- The problem -
Report every line of the entries that contains the word "Diseases".

- Records contained in a dataset -
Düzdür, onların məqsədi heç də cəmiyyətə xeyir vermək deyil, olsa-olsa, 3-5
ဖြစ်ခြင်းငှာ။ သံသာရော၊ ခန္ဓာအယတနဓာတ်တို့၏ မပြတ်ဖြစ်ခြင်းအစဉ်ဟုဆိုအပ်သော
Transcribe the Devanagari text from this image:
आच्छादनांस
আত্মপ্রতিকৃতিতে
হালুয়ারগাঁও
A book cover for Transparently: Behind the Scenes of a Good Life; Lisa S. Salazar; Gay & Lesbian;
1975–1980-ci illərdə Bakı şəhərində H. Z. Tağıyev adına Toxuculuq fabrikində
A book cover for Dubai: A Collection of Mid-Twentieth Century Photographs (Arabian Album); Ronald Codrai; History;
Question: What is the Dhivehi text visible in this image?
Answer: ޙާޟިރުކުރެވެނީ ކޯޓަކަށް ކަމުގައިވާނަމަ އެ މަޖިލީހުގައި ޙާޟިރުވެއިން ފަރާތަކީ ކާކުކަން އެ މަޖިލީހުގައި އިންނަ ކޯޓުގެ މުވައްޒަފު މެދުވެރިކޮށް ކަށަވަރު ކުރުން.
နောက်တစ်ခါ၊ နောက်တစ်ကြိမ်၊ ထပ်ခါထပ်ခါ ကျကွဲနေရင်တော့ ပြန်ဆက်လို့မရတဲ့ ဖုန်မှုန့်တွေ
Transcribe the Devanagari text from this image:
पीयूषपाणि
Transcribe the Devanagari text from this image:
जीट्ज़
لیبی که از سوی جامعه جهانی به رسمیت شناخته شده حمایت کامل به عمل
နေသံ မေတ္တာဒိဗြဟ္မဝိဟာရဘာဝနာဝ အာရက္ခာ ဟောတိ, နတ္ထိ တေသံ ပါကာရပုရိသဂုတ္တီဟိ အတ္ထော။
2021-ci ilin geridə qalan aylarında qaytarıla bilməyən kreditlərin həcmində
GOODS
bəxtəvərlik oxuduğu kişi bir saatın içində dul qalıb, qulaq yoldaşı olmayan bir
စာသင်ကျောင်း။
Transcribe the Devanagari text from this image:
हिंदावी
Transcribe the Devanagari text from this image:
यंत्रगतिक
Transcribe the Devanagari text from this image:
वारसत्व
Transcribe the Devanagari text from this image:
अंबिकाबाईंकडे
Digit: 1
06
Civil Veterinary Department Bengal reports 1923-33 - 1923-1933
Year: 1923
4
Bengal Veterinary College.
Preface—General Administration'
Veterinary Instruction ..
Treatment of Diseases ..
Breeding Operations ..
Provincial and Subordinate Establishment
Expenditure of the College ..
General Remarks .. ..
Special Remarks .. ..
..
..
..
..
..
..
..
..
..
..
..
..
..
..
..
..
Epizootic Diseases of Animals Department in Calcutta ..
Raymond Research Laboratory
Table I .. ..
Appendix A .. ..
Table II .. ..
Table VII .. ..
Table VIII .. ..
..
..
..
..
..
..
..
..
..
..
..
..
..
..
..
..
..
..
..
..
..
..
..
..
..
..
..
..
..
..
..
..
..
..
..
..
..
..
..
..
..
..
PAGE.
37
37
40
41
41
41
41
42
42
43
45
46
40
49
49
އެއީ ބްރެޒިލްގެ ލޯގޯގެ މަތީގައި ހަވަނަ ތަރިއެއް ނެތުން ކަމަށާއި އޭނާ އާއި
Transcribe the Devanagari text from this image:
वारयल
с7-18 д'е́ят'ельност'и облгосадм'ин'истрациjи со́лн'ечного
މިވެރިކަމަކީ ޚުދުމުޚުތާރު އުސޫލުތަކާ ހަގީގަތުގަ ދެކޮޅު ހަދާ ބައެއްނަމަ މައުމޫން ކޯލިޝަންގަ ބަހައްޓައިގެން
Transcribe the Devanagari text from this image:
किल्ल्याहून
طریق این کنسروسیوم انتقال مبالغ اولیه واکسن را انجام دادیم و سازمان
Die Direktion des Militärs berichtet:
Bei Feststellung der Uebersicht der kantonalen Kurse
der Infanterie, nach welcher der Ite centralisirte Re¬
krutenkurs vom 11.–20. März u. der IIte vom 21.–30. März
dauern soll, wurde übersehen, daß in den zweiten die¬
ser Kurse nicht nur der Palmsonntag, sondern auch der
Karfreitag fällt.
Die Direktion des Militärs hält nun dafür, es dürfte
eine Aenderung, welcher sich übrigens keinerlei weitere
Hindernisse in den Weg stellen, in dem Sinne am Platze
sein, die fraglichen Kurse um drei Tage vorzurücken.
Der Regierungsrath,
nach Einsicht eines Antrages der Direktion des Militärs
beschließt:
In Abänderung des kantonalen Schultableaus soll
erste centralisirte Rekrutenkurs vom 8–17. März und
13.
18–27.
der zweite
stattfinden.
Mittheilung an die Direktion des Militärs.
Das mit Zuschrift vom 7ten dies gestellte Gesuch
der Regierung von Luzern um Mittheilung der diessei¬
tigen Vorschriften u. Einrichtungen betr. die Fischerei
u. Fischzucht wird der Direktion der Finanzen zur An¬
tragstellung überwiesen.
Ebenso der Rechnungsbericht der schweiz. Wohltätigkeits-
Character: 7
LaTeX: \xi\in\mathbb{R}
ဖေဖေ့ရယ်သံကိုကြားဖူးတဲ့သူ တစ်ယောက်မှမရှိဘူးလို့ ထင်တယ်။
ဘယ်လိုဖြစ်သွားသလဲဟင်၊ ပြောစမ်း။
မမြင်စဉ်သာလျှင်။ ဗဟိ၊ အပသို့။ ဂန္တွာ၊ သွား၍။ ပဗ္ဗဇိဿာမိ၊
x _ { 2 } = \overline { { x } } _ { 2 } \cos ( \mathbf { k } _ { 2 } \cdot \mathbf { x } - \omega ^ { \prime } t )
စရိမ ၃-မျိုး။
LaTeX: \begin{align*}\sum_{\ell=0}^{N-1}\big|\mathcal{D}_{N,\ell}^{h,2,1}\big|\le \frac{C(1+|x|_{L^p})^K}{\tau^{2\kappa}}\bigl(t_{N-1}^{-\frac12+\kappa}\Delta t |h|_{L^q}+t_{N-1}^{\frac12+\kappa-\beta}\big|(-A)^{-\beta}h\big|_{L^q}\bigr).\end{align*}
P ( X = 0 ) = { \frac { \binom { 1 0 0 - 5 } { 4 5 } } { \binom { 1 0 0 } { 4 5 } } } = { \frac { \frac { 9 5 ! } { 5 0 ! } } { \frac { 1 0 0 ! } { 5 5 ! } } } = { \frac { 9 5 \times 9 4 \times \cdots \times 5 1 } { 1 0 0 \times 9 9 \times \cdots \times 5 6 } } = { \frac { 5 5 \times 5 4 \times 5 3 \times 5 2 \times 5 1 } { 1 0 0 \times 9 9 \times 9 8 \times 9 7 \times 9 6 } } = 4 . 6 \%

- Answer section -
Treatment of Diseases ..
Epizootic Diseases of Animals Department in Calcutta ..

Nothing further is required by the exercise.